Petrogenesis and mineralization of the Fenghuangshan skarn Cu-Au deposit, Tongling ore cluster field, Lower Yangtze metallogenic belt

- Both zircon ages and molybdenite Re-Os ages confirm Fenghuangshan intrusion and Cu-Au ore deposit formed at c.a. 140 Ma.
- Geochemical and re-explained published isotopic data indicate that these adakitic rocks related to Cu-Au mineralization were most likely derived from partial melting of a subducted mid-oceanic ridge.
- The high rhenium contents of molybdenites suggest ore materials have mixed source from mantle and crust.
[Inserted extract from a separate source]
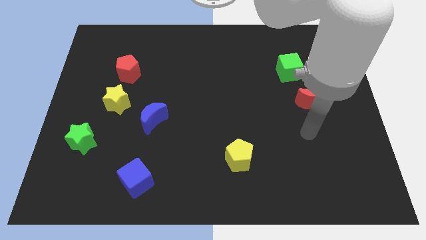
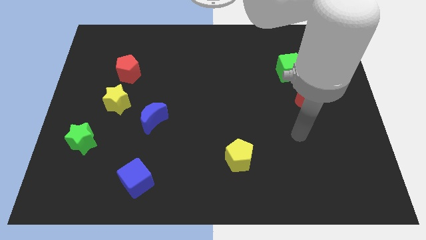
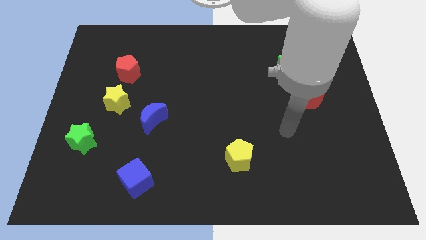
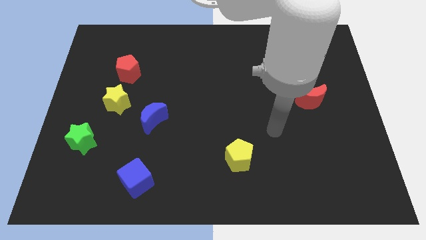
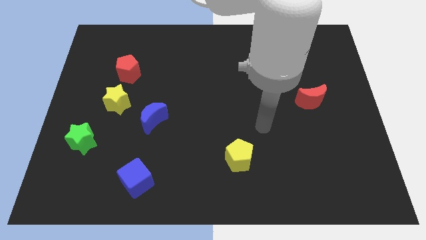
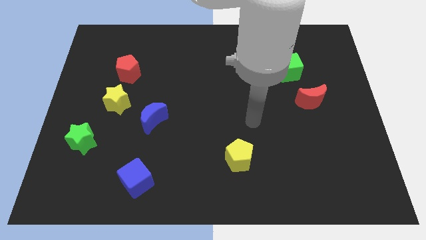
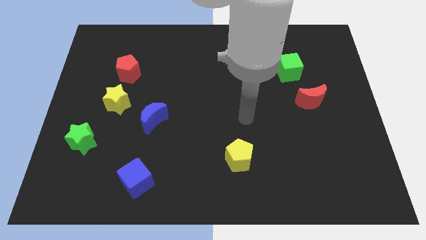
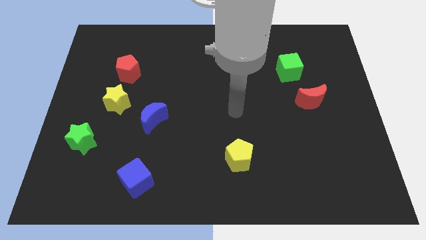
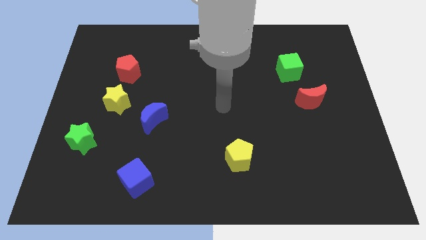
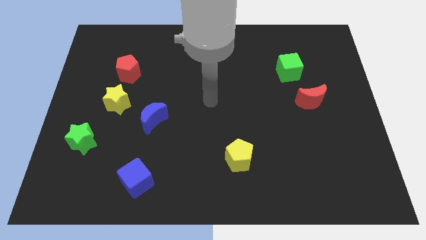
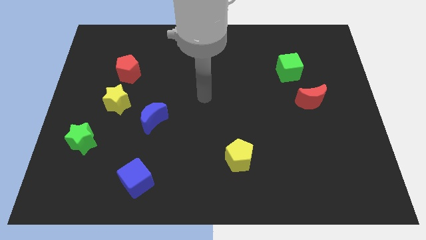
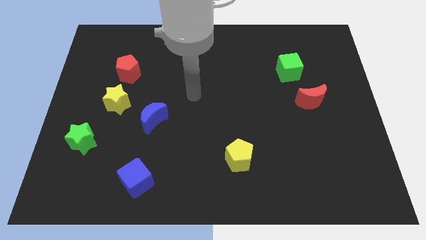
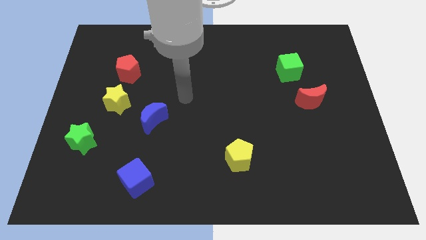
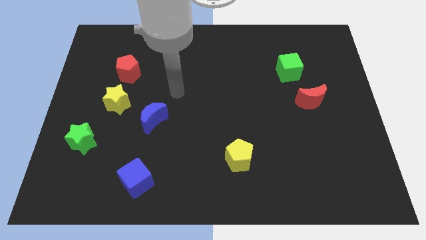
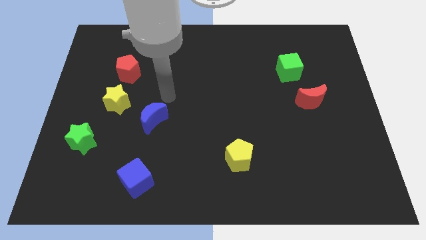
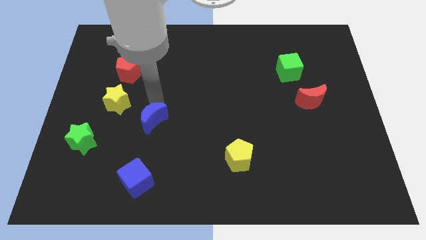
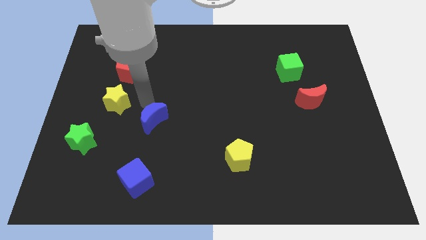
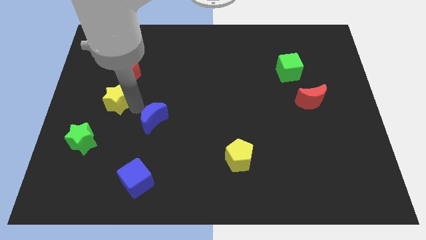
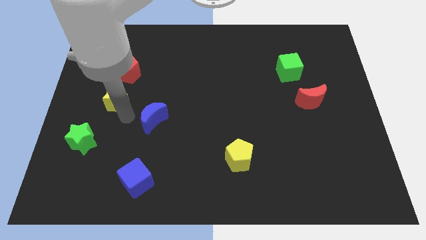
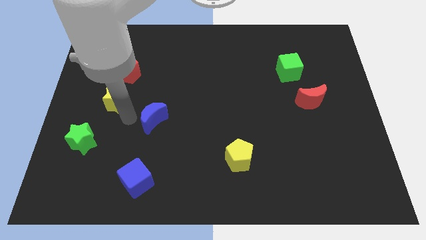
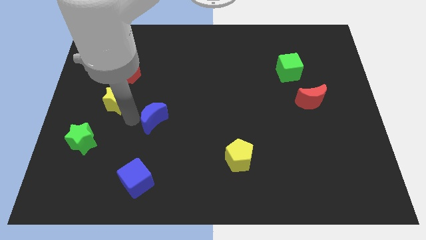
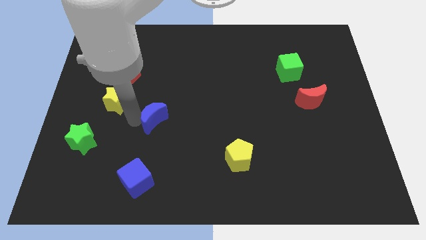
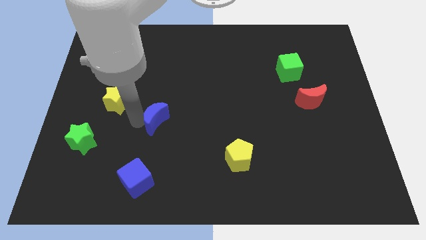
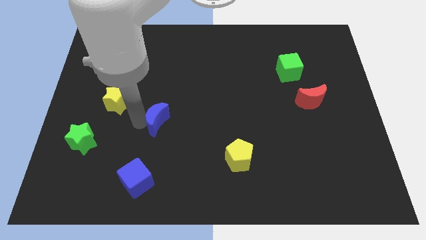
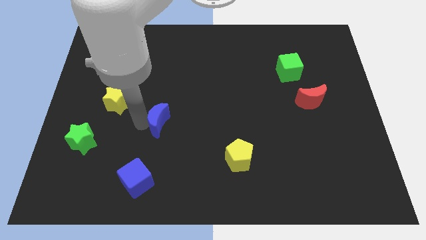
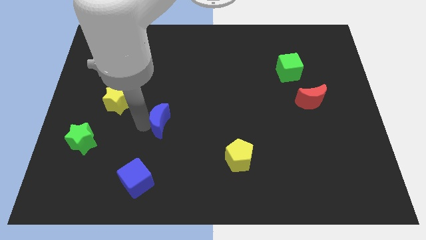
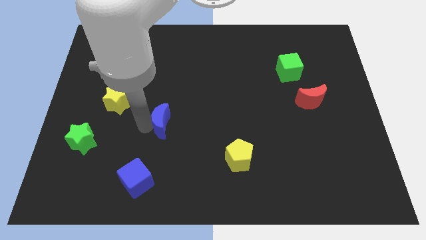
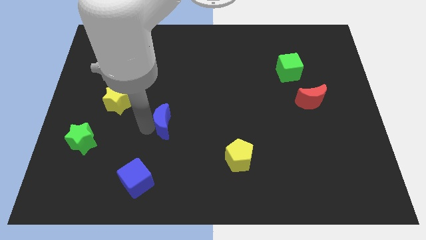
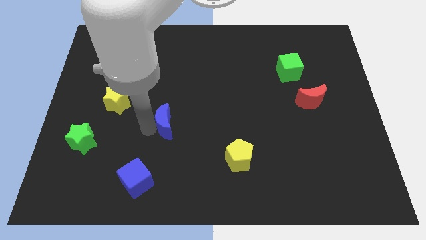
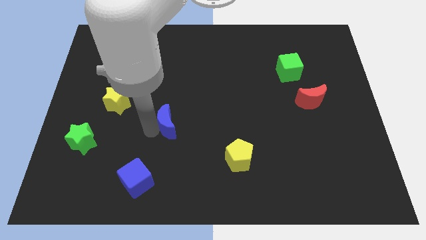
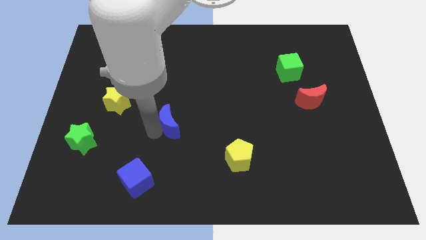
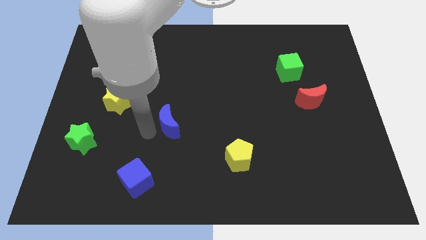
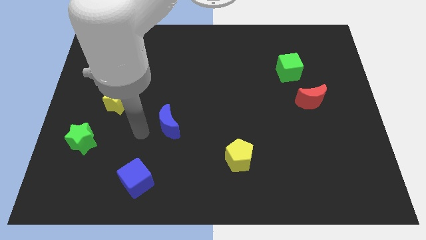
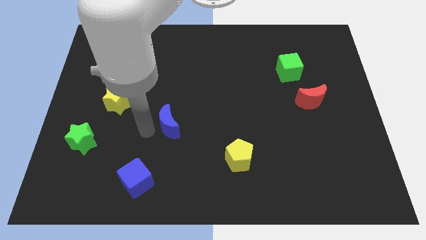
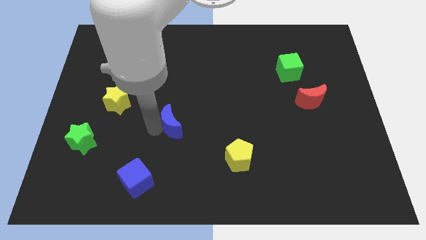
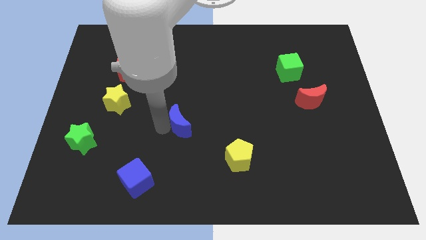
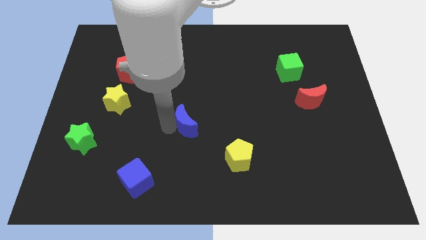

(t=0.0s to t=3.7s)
push the blue moon right somewhat

The Fenghuangshan copper-gold deposit, located in the Tongling ore cluster field along the Lower Yangtze metallogenic belt (LYRB) in eastern China, mainly consist of skarn ores hosted in granodiorite. U-Pb dating of magmatic zircons from Fenghuangshan granodiorite yields a weighted mean 206Pb/238U age of 143.1 ± 1.6 Ma. Five molybdenite samples collected in the Fenghuangshan deposit yield a Re-Os isochron age of 141.7 ± 0.8 Ma, demonstrating that the ore formation event is coeval with the Fenghuangshan granodiorite intrusion. The magmatic zircon ƐHf(T) values vary from − 12.0 to − 28.3, corresponding two-stage Hf model ages between 1.6 Ga to 2.4 Ga. Geochemical and isotopic signatures suggest that the Fenghuangshan granodiorite resembles adakite, which was derived from partial melting of the subducted oceanic crust towards LYRB during the early Cretaceous. The occurrence of inherited zircons shows the intrusive granodiorite was assimilated by old crustal materials during its emplacement. The biotite thermobarometry, zircon Ce(IV)/Ce(III) ratios and Eu anomalies coincidently demonstrate that the magma source of granodiorite was under high to moderate oxidized condition, conducive to Cu-Au mineralization. The sulfide ores in Fenghuangshan deposit are enriched in Pd and Pt, which could also be a consequence of the high oxidized magma source. The high Re abundance in molybdenite and platinum group element (PGE) contents of sulfide ores suggest that the ore-forming materials are characterized by mixed sources from the mantle and crust, and were slightly affected by hydrothermal alteration.